The key component and part of the path back I speak about is our connection with community and each other. We get so caught up in ourselves while healing, we can sometimes become consumed.
Consumed by obsession, consumed so much by your new cause that you will fight to the very ends of the earth for it. Consumed so much that we forget how to connect with those around us. Consumed so much that we forget how to even interact with each other.
What I am saying here is that by becoming too consumed by self help, you can cut yourself off from being to able to connect with others. And if you can't connect with others, why are you even working on yourself if not to be a great contributor to community in some way.
There is a balance here that I speak of and it doesn't involve self help on it's own, it involves a balance of helping one's self as well as being part of something bigger than self.
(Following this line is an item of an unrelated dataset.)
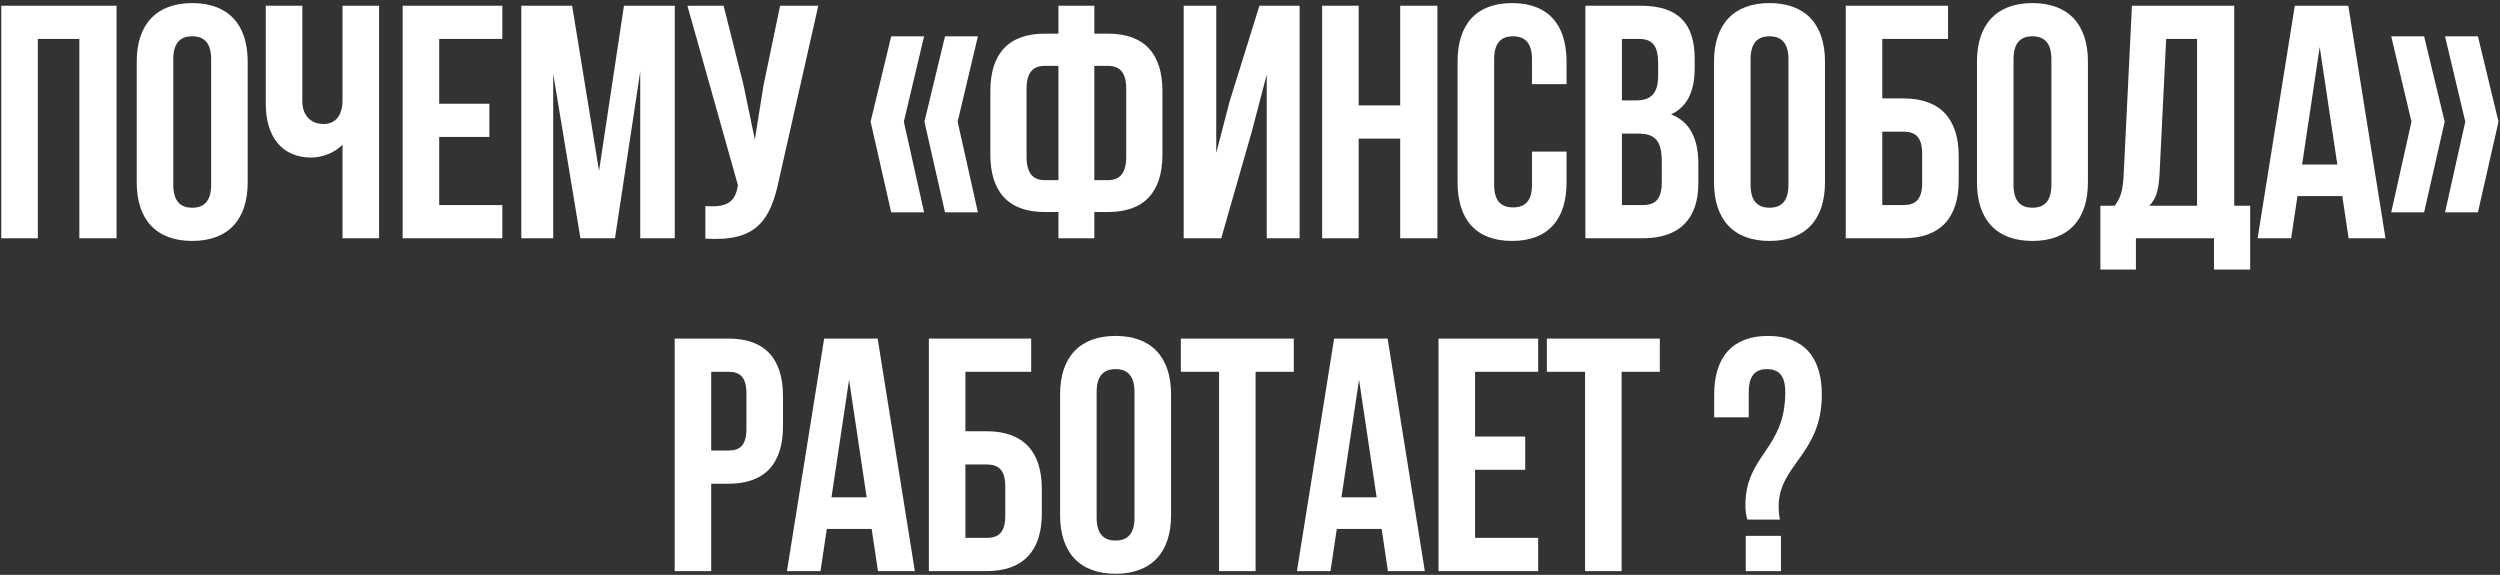 <?xml version="1.0" encoding="UTF-8"?> <svg xmlns="http://www.w3.org/2000/svg" width="661" height="152" viewBox="0 0 661 152" fill="none"><rect x="0" y="0" width="661" height="152" fill="#333333" stroke="none"/><path d="M10.001 10.301V63H0.34V1.518H30.817V63H20.98V10.301H10.001ZM45.815 15.659V48.859C45.815 53.251 47.747 54.919 50.821 54.919C53.895 54.919 55.828 53.251 55.828 48.859V15.659C55.828 11.267 53.895 9.599 50.821 9.599C47.747 9.599 45.815 11.267 45.815 15.659ZM36.154 48.244V16.274C36.154 6.437 41.336 0.815 50.821 0.815C60.307 0.815 65.489 6.437 65.489 16.274V48.244C65.489 58.081 60.307 63.703 50.821 63.703C41.336 63.703 36.154 58.081 36.154 48.244ZM90.564 1.518H100.225V63H90.564V38.232C88.456 40.515 84.942 41.657 82.308 41.657C74.403 41.657 70.275 35.948 70.275 27.516V1.518H79.936V26.726C79.936 30.854 82.483 32.786 85.557 32.786C88.631 32.786 90.564 30.59 90.564 26.462V1.518ZM116.126 10.301V27.428H129.388V36.212H116.126V54.217H132.814V63H106.464V1.518H132.814V10.301H116.126ZM151.273 1.518L158.387 45.17L164.975 1.518H178.413V63H169.278V18.909L162.603 63H153.469L146.266 19.523V63H137.835V1.518H151.273ZM216.357 1.518L205.993 47.366C203.709 58.433 199.933 63.966 186.495 63.088V54.48C191.413 54.832 194.224 53.953 195.014 49.474L195.102 48.947L181.752 1.518H191.325L196.595 22.51L199.581 36.914L201.865 22.598L206.257 1.518H216.357ZM235.634 9.599H244.329L238.972 32.171L244.329 56.149H235.634L230.189 32.171L235.634 9.599ZM249.863 9.599H258.558L253.2 32.171L258.558 56.149H249.863L244.417 32.171L249.863 9.599ZM279.854 63V56.061H276.253C266.592 56.061 261.849 50.704 261.849 40.867V24.091C261.849 14.254 266.592 8.896 276.253 8.896H279.854V1.518H289.34V8.896H292.941C302.603 8.896 307.346 14.254 307.346 24.091V40.867C307.346 50.704 302.603 56.061 292.941 56.061H289.34V63H279.854ZM292.941 17.416H289.34V47.63H292.941C296.015 47.63 297.772 45.873 297.772 41.481V23.476C297.772 19.084 296.015 17.416 292.941 17.416ZM279.854 47.63V17.416H276.253C273.179 17.416 271.423 19.084 271.423 23.476V41.481C271.423 45.873 273.179 47.63 276.253 47.63H279.854ZM330.973 34.806L322.892 63H312.967V1.518H321.575V40.427L325.088 26.901L332.993 1.518H343.62V63H334.925V19.699L330.973 34.806ZM359.233 36.651V63H349.572V1.518H359.233V27.867H370.212V1.518H380.049V63H370.212V36.651H359.233ZM405.06 40.076H414.194V48.244C414.194 58.081 409.276 63.703 399.79 63.703C390.304 63.703 385.386 58.081 385.386 48.244V16.274C385.386 6.437 390.304 0.815 399.79 0.815C409.276 0.815 414.194 6.437 414.194 16.274V22.246H405.06V15.659C405.06 11.267 403.128 9.599 400.053 9.599C396.979 9.599 395.047 11.267 395.047 15.659V48.859C395.047 53.251 396.979 54.832 400.053 54.832C403.128 54.832 405.06 53.251 405.06 48.859V40.076ZM433.758 1.518C443.771 1.518 448.074 6.173 448.074 15.659V17.855C448.074 24.179 446.142 28.219 441.838 30.239C447.02 32.259 449.041 36.914 449.041 43.414V48.42C449.041 57.906 444.034 63 434.373 63H419.178V1.518H433.758ZM433.143 35.333H428.839V54.217H434.373C437.623 54.217 439.379 52.724 439.379 48.157V42.799C439.379 37.09 437.535 35.333 433.143 35.333ZM433.494 10.301H428.839V26.55H432.616C436.217 26.55 438.413 24.969 438.413 20.05V16.625C438.413 12.233 436.92 10.301 433.494 10.301ZM462.852 15.659V48.859C462.852 53.251 464.784 54.919 467.858 54.919C470.933 54.919 472.865 53.251 472.865 48.859V15.659C472.865 11.267 470.933 9.599 467.858 9.599C464.784 9.599 462.852 11.267 462.852 15.659ZM453.191 48.244V16.274C453.191 6.437 458.373 0.815 467.858 0.815C477.344 0.815 482.526 6.437 482.526 16.274V48.244C482.526 58.081 477.344 63.703 467.858 63.703C458.373 63.703 453.191 58.081 453.191 48.244ZM503.297 63H488.014V1.518H515.066V10.301H497.676V26.023H503.297C512.958 26.023 517.877 31.381 517.877 41.218V47.805C517.877 57.642 512.958 63 503.297 63ZM497.676 54.217H503.297C506.371 54.217 508.216 52.812 508.216 48.42V40.603C508.216 36.212 506.371 34.806 503.297 34.806H497.676V54.217ZM532.373 15.659V48.859C532.373 53.251 534.305 54.919 537.379 54.919C540.453 54.919 542.385 53.251 542.385 48.859V15.659C542.385 11.267 540.453 9.599 537.379 9.599C534.305 9.599 532.373 11.267 532.373 15.659ZM522.711 48.244V16.274C522.711 6.437 527.893 0.815 537.379 0.815C546.865 0.815 552.047 6.437 552.047 16.274V48.244C552.047 58.081 546.865 63.703 537.379 63.703C527.893 63.703 522.711 58.081 522.711 48.244ZM594.951 71.256H585.377V63H564.737V71.256H555.339V54.392H559.116C560.785 52.285 561.312 50.001 561.487 46.4L563.683 1.518H590.735V54.392H594.951V71.256ZM572.73 10.301L570.973 46.224C570.709 50.879 569.831 52.899 568.25 54.392H580.898V10.301H572.73ZM620.886 1.518L630.723 63H620.974L619.305 51.845H607.448L605.779 63H596.908L606.745 1.518H620.886ZM613.332 12.409L608.677 43.502H617.987L613.332 12.409ZM646.465 9.599H655.16L660.605 32.171L655.16 56.149H646.465L651.822 32.171L646.465 9.599ZM632.236 9.599H640.931L646.377 32.171L640.931 56.149H632.236L637.594 32.171L632.236 9.599ZM192.615 89.518C202.277 89.518 207.02 94.876 207.02 104.713V112.706C207.02 122.543 202.277 127.9 192.615 127.9H188.048V151H178.387V89.518H192.615ZM192.615 98.301H188.048V119.117H192.615C195.689 119.117 197.358 117.712 197.358 113.32V104.098C197.358 99.707 195.689 98.301 192.615 98.301ZM232.047 89.518L241.884 151H232.135L230.466 139.845H218.609L216.94 151H208.069L217.907 89.518H232.047ZM224.494 100.409L219.839 131.501H229.149L224.494 100.409ZM260.876 151H245.593V89.518H272.645V98.301H255.255V114.023H260.876C270.537 114.023 275.456 119.381 275.456 129.218V135.805C275.456 145.642 270.537 151 260.876 151ZM255.255 142.217H260.876C263.95 142.217 265.794 140.812 265.794 136.42V128.603C265.794 124.211 263.95 122.806 260.876 122.806H255.255V142.217ZM289.951 103.659V136.859C289.951 141.251 291.884 142.92 294.958 142.92C298.032 142.92 299.964 141.251 299.964 136.859V103.659C299.964 99.267 298.032 97.599 294.958 97.599C291.884 97.599 289.951 99.267 289.951 103.659ZM280.29 136.244V104.274C280.29 94.437 285.472 88.816 294.958 88.816C304.444 88.816 309.626 94.437 309.626 104.274V136.244C309.626 146.081 304.444 151.703 294.958 151.703C285.472 151.703 280.29 146.081 280.29 136.244ZM312.215 98.301V89.518H342.078V98.301H331.977V151H322.316V98.301H312.215ZM366.885 89.518L376.723 151H366.973L365.305 139.845H353.447L351.779 151H342.908L352.745 89.518H366.885ZM359.332 100.409L354.677 131.501H363.987L359.332 100.409ZM390.005 98.301V115.428H403.267V124.211H390.005V142.217H406.693V151H380.344V89.518H406.693V98.301H390.005ZM408.991 98.301V89.518H438.854V98.301H428.753V151H419.092V98.301H408.991ZM470.624 137.386H462.016C461.665 136.332 461.489 135.19 461.489 133.609C461.489 120.171 472.029 118.942 472.029 103.659C472.029 99.267 470.272 97.599 467.198 97.599C464.124 97.599 462.368 99.267 462.368 103.659V110.334H453.233V104.274C453.233 94.437 458.064 88.816 467.462 88.816C476.86 88.816 481.69 94.437 481.69 104.274C481.69 120.259 470.272 122.718 470.272 133.961C470.272 135.103 470.36 136.244 470.624 137.386ZM461.577 141.69H470.887V151H461.577V141.69Z" fill="white"></path></svg>

We are meant to connect with each other. We have travelled and lived for thousands of years together, and were raised by villages as a whole in many cultures. We draw energy from each other. Even an introvert can be part of, by simply being in the same room. Whether they choose to read quietly in the corner or not.
I will write in the future on the effects of people not being to connect with others, community and the mental health consequences that come with.
There is a line that I draw between both self and community and I aim to try and walk between being part of both, as well as being good to both. I have often leaned towards one side or the other, (mostly self), but none of us are perfect at this. Just better than others in our own way.